▸ **Dataset items**
◇ ◇ ◇ ◇
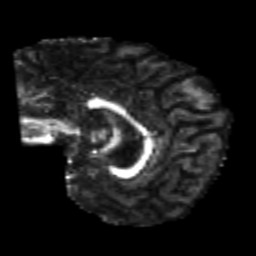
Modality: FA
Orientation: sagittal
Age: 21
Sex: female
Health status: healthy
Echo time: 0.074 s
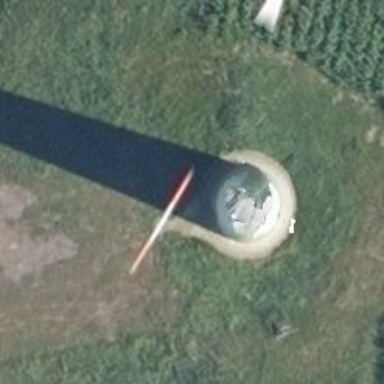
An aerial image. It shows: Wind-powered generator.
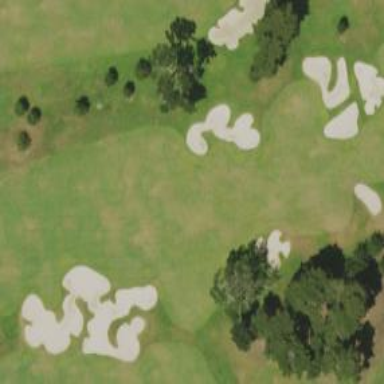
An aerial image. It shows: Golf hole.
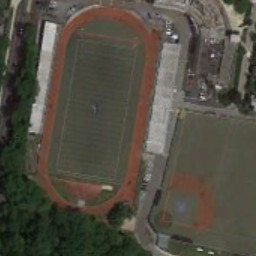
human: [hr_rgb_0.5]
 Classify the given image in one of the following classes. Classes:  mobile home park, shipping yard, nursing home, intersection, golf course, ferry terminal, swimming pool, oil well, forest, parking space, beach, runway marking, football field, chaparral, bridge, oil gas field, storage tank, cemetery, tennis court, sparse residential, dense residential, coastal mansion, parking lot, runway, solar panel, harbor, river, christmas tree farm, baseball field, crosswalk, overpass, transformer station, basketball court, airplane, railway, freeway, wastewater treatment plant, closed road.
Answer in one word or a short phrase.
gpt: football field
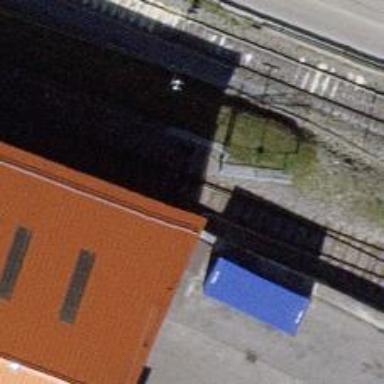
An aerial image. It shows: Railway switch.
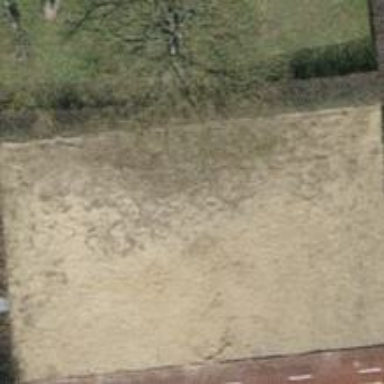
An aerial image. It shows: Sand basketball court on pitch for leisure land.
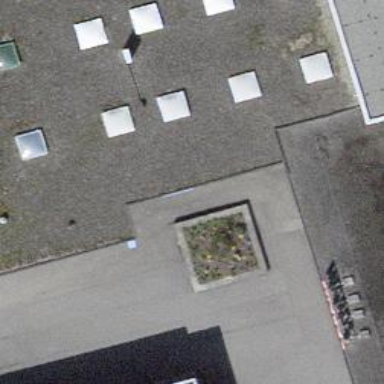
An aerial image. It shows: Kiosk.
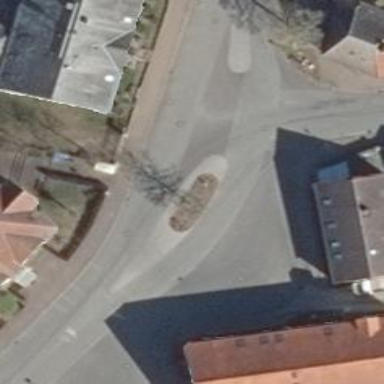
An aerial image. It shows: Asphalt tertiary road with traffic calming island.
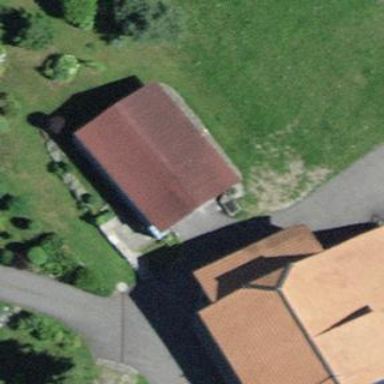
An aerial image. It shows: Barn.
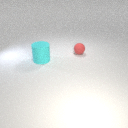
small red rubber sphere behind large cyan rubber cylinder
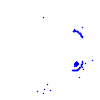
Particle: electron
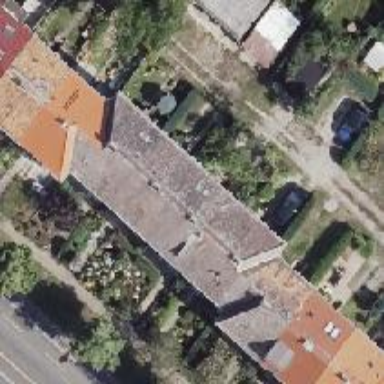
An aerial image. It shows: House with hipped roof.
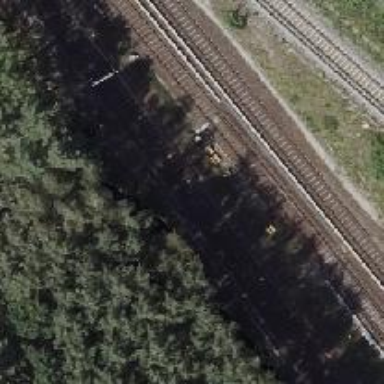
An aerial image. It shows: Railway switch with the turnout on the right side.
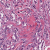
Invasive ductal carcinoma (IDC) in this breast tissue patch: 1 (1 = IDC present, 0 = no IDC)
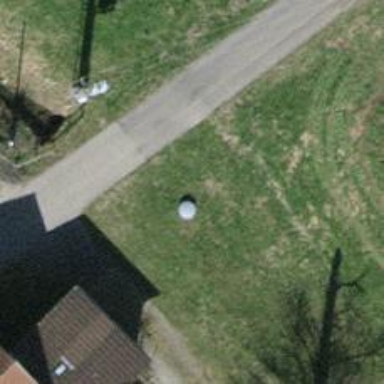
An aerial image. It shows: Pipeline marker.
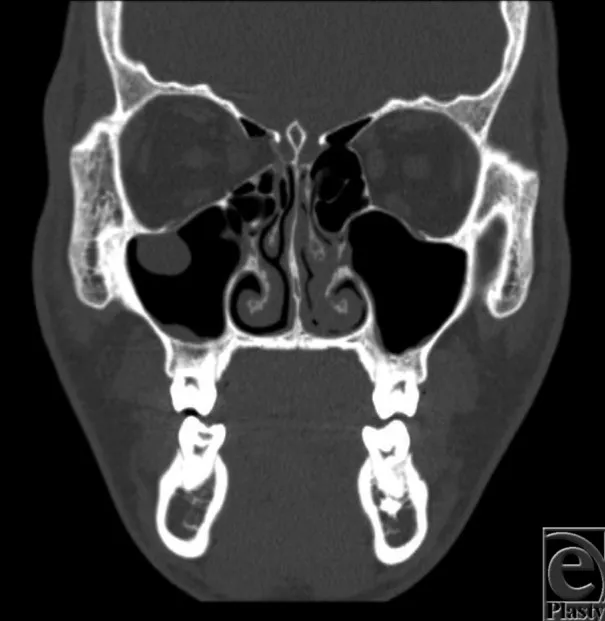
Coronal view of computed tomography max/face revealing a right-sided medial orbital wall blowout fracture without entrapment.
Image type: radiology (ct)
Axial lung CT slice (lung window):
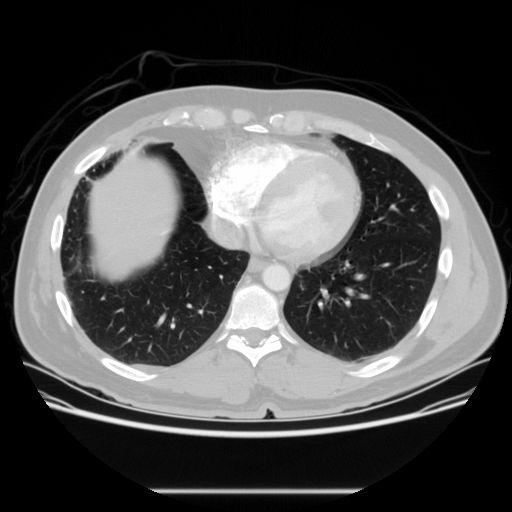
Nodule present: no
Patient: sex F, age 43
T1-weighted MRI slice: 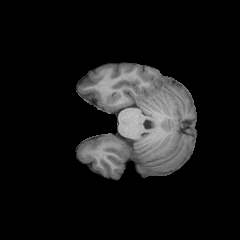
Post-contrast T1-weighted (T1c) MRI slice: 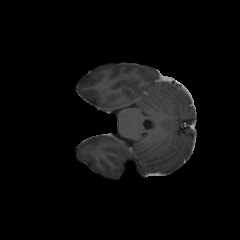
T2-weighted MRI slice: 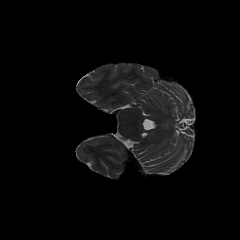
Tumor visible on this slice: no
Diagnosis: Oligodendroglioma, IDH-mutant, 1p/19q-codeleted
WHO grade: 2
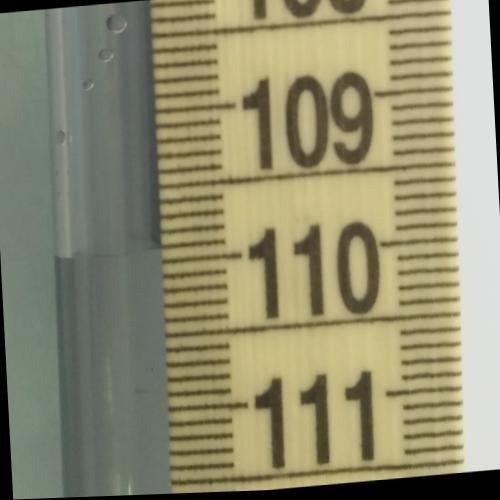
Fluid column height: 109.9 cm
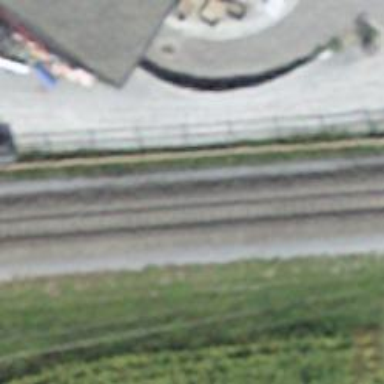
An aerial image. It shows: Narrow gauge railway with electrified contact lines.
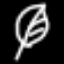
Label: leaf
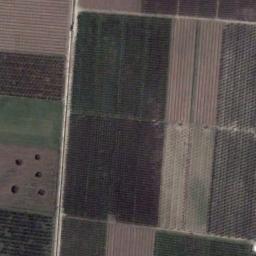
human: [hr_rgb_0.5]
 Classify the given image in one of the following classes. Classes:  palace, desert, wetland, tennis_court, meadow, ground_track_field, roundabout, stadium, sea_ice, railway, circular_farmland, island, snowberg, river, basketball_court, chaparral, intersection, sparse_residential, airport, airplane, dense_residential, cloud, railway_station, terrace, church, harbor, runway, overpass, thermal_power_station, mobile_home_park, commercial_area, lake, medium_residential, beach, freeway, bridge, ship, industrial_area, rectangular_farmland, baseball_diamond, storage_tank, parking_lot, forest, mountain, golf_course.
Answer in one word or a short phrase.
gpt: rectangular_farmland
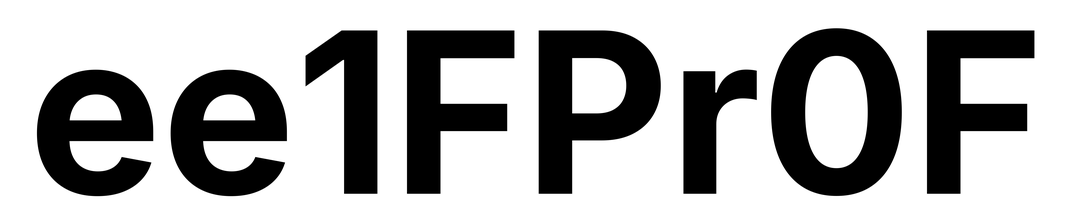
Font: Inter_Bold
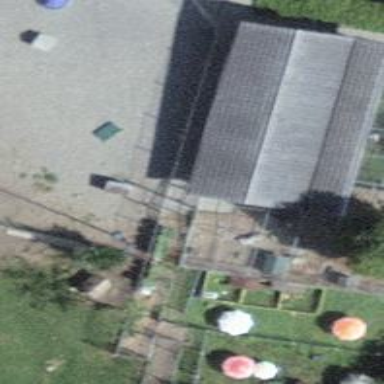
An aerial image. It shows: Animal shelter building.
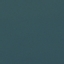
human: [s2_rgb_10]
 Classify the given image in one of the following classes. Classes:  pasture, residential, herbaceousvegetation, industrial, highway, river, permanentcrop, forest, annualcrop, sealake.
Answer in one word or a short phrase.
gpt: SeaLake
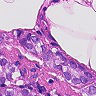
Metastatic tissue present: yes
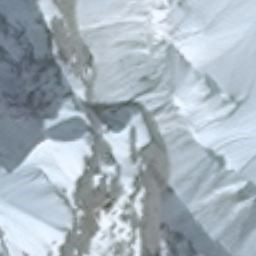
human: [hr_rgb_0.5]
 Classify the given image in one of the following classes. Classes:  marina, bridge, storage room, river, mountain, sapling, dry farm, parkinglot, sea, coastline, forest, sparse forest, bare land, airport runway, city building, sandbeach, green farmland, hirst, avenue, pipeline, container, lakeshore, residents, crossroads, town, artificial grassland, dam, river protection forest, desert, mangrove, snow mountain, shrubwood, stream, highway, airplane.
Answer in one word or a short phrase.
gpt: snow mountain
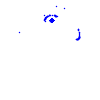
◇ ◇ ◇ ◇
▸ **TASK INSTRUCTIONS**
A faithful, word-for-word version of the records above is needed, with no images in it.

▸ **EXERCISE RESPONSE**
Modality: FA
Orientation: sagittal
Age: 21
Sex: female
Health status: healthy
Echo time: 0.074 s
An aerial image. It shows: Wind-powered generator.
An aerial image. It shows: Golf hole.
human: [hr_rgb_0.5]
 Classify the given image in one of the following classes. Classes:  mobile home park, shipping yard, nursing home, intersection, golf course, ferry terminal, swimming pool, oil well, forest, parking space, beach, runway marking, football field, chaparral, bridge, oil gas field, storage tank, cemetery, tennis court, sparse residential, dense residential, coastal mansion, parking lot, runway, solar panel, harbor, river, christmas tree farm, baseball field, crosswalk, overpass, transformer station, basketball court, airplane, railway, freeway, wastewater treatment plant, closed road.
Answer in one word or a short phrase.
gpt: football field
An aerial image. It shows: Railway switch.
An aerial image. It shows: Sand basketball court on pitch for leisure land.
An aerial image. It shows: Kiosk.
An aerial image. It shows: Asphalt tertiary road with traffic calming island.
An aerial image. It shows: Barn.
small red rubber sphere behind large cyan rubber cylinder
Particle: electron
An aerial image. It shows: House with hipped roof.
An aerial image. It shows: Railway switch with the turnout on the right side.
Invasive ductal carcinoma (IDC) in this breast tissue patch: 1 (1 = IDC present, 0 = no IDC)
An aerial image. It shows: Pipeline marker.
Coronal view of computed tomography max/face revealing a right-sided medial orbital wall blowout fracture without entrapment.
Image type: radiology (ct)
Axial lung CT slice (lung window):
Nodule present: no
Patient: sex F, age 43
T1-weighted MRI slice: 
Post-contrast T1-weighted (T1c) MRI slice: 
T2-weighted MRI slice: 
Tumor visible on this slice: no
Diagnosis: Oligodendroglioma, IDH-mutant, 1p/19q-codeleted
WHO grade: 2
Fluid column height: 109.9 cm
An aerial image. It shows: Narrow gauge railway with electrified contact lines.
Label: leaf
human: [hr_rgb_0.5]
 Classify the given image in one of the following classes. Classes:  palace, desert, wetland, tennis_court, meadow, ground_track_field, roundabout, stadium, sea_ice, railway, circular_farmland, island, snowberg, river, basketball_court, chaparral, intersection, sparse_residential, airport, airplane, dense_residential, cloud, railway_station, terrace, church, harbor, runway, overpass, thermal_power_station, mobile_home_park, commercial_area, lake, medium_residential, beach, freeway, bridge, ship, industrial_area, rectangular_farmland, baseball_diamond, storage_tank, parking_lot, forest, mountain, golf_course.
Answer in one word or a short phrase.
gpt: rectangular_farmland
Font: Inter_Bold
An aerial image. It shows: Animal shelter building.
human: [s2_rgb_10]
 Classify the given image in one of the following classes. Classes:  pasture, residential, herbaceousvegetation, industrial, highway, river, permanentcrop, forest, annualcrop, sealake.
Answer in one word or a short phrase.
gpt: SeaLake
Metastatic tissue present: yes
human: [hr_rgb_0.5]
 Classify the given image in one of the following classes. Classes:  marina, bridge, storage room, river, mountain, sapling, dry farm, parkinglot, sea, coastline, forest, sparse forest, bare land, airport runway, city building, sandbeach, green farmland, hirst, avenue, pipeline, container, lakeshore, residents, crossroads, town, artificial grassland, dam, river protection forest, desert, mangrove, snow mountain, shrubwood, stream, highway, airplane.
Answer in one word or a short phrase.
gpt: snow mountain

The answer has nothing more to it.